**REQUIRED WORK**.
Each entry below should appear again exactly as written, without pictures.

Saved data entries:
=====
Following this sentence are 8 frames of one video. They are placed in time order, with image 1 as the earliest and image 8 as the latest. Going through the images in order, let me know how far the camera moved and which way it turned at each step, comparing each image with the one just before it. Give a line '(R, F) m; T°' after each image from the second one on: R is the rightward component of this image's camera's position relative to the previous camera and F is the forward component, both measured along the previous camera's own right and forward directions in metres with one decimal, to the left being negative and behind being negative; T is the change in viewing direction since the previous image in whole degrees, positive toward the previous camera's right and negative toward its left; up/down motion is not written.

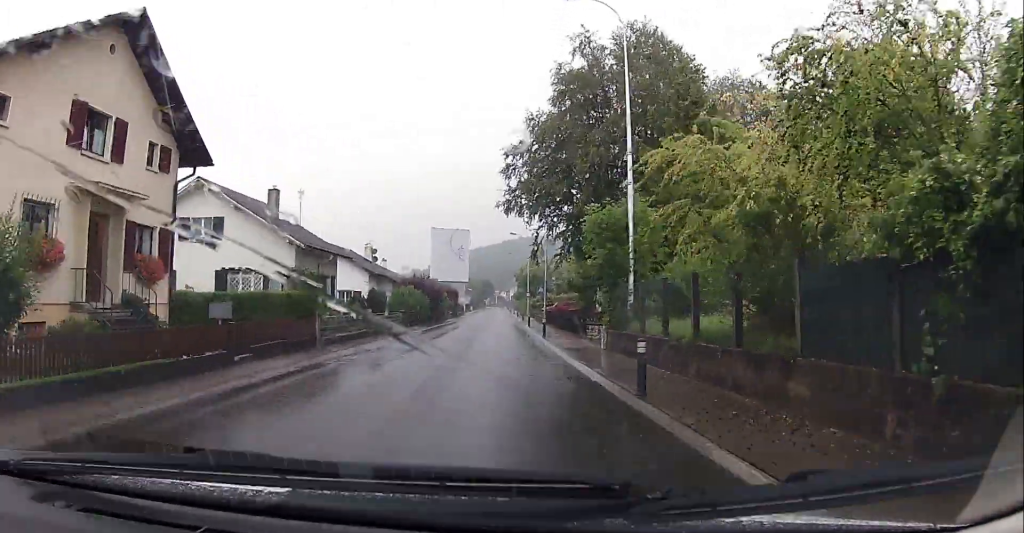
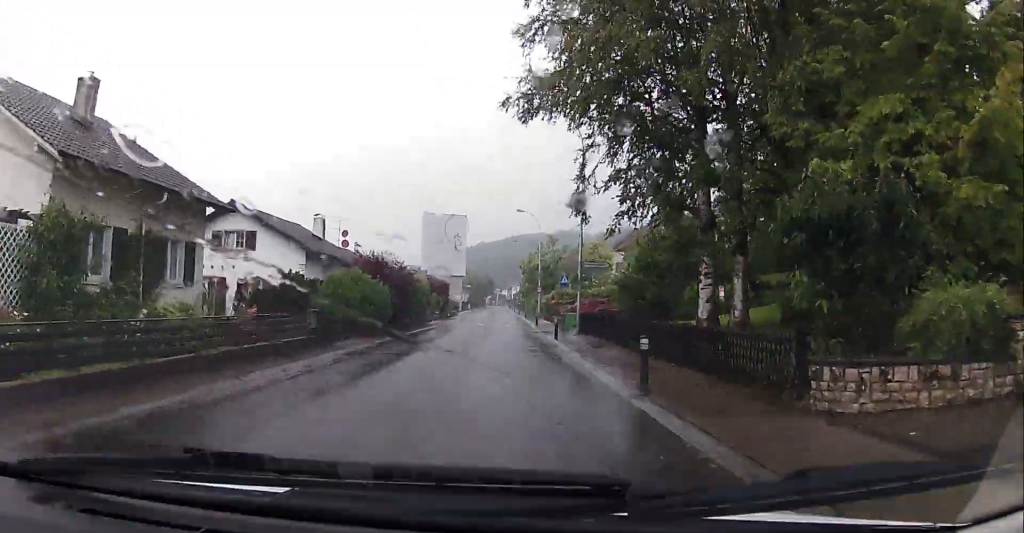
(+0.6, +17.7) m; +1°
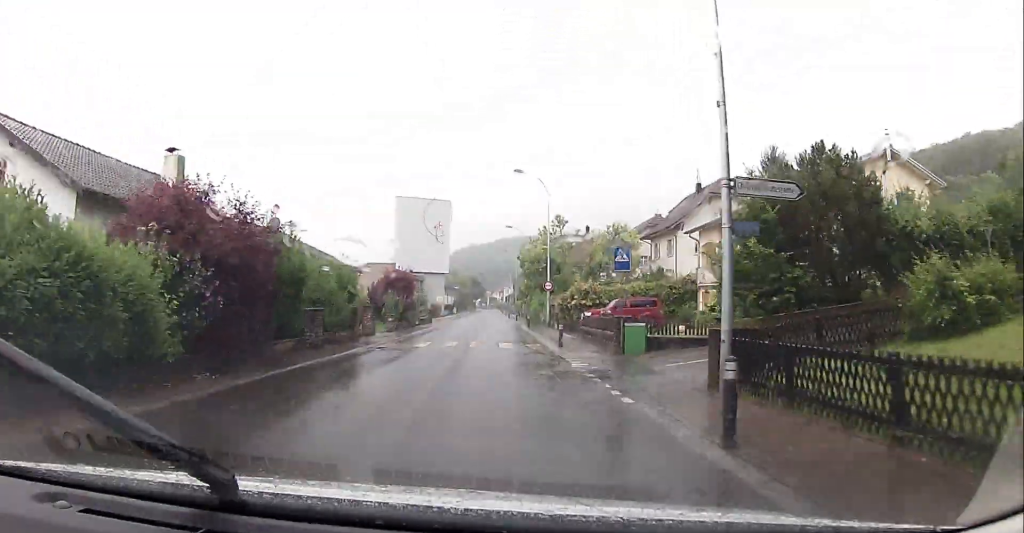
(-0.2, +20.1) m; 0°
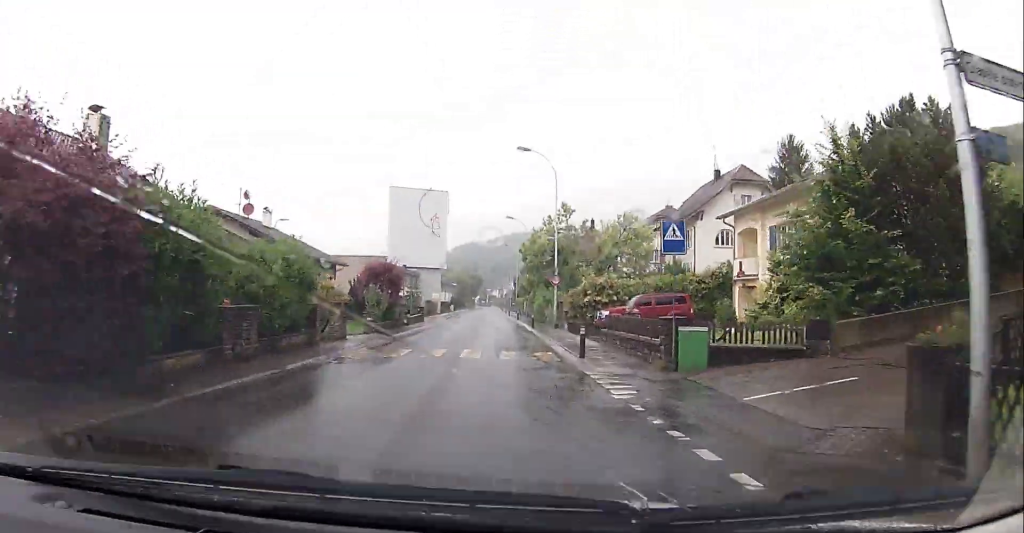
(+0.1, +5.7) m; 0°
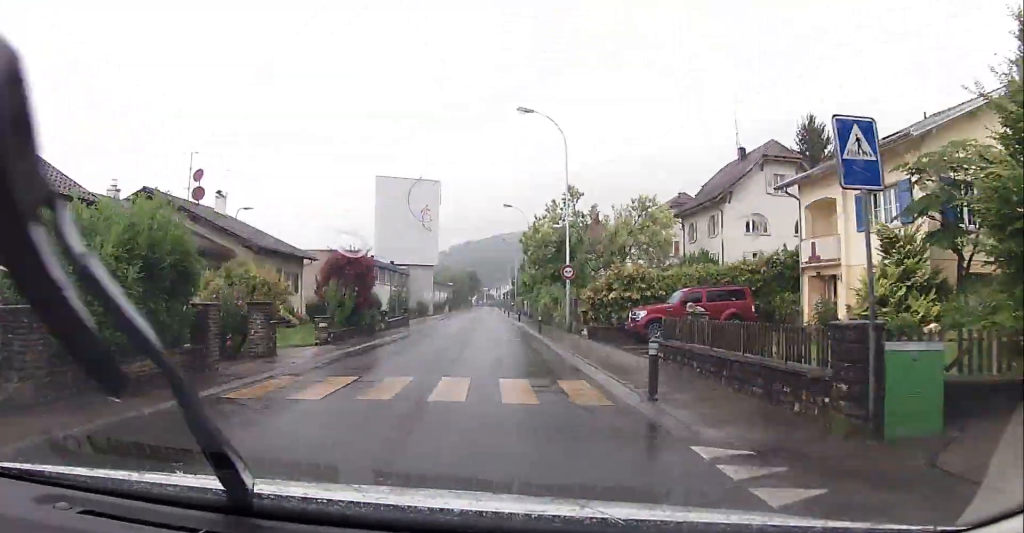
(-0.2, +7.5) m; 0°
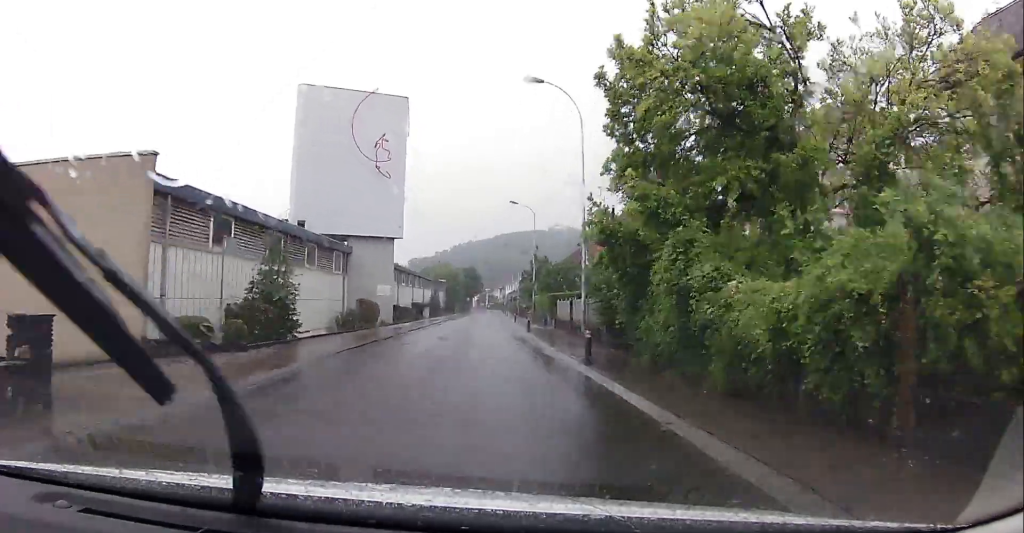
(+0.5, +34.8) m; 0°
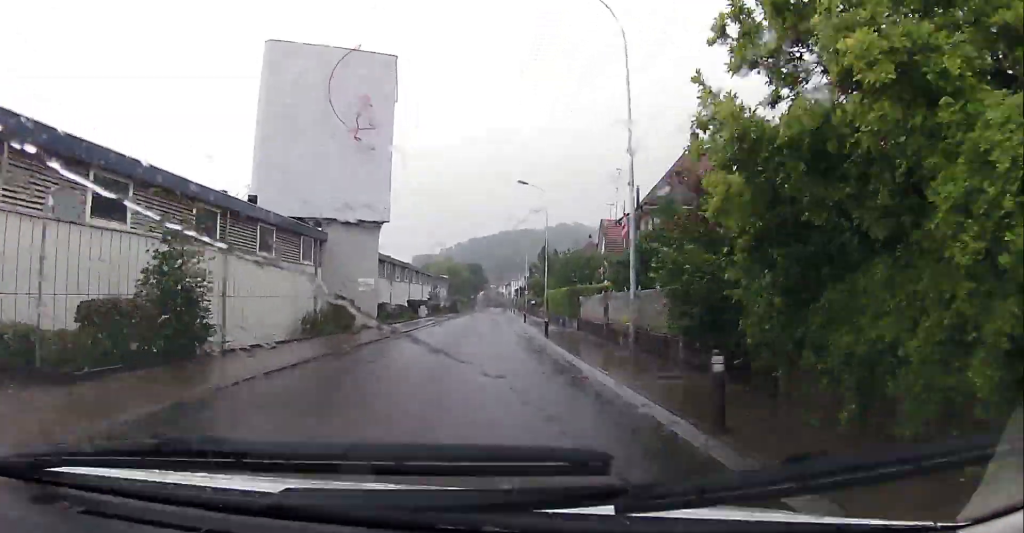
(-0.3, +8.3) m; 0°
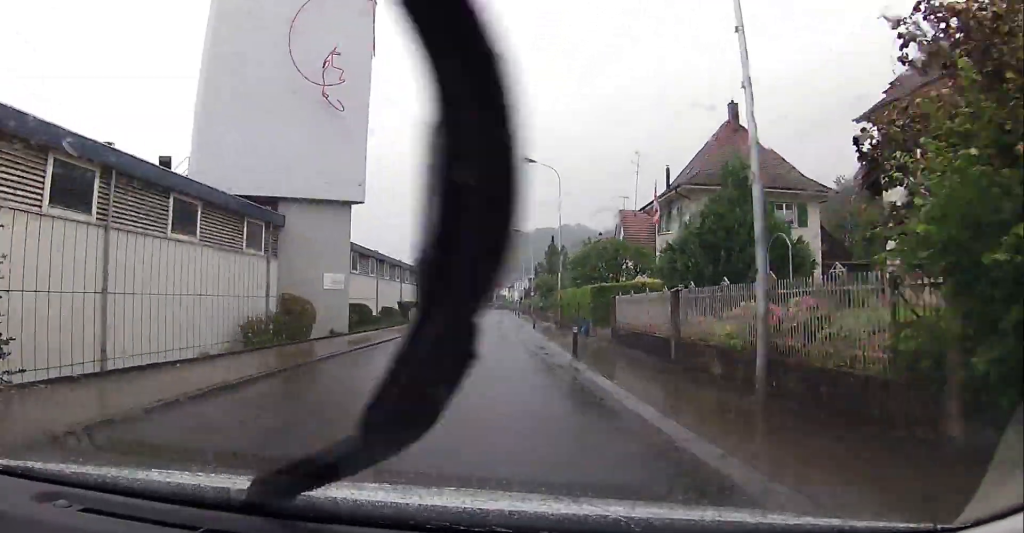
(0.0, +8.4) m; 0°
=====
**YOUR SOLUTION**.
Following this sentence are 8 frames of one video. They are placed in time order, with image 1 as the earliest and image 8 as the latest. Going through the images in order, let me know how far the camera moved and which way it turned at each step, comparing each image with the one just before it. Give a line '(R, F) m; T°' after each image from the second one on: R is the rightward component of this image's camera's position relative to the previous camera and F is the forward component, both measured along the previous camera's own right and forward directions in metres with one decimal, to the left being negative and behind being negative; T is the change in viewing direction since the previous image in whole degrees, positive toward the previous camera's right and negative toward its left; up/down motion is not written.

(+0.6, +17.7) m; +1°
(-0.2, +20.1) m; 0°
(+0.1, +5.7) m; 0°
(-0.2, +7.5) m; 0°
(+0.5, +34.8) m; 0°
(-0.3, +8.3) m; 0°
(0.0, +8.4) m; 0°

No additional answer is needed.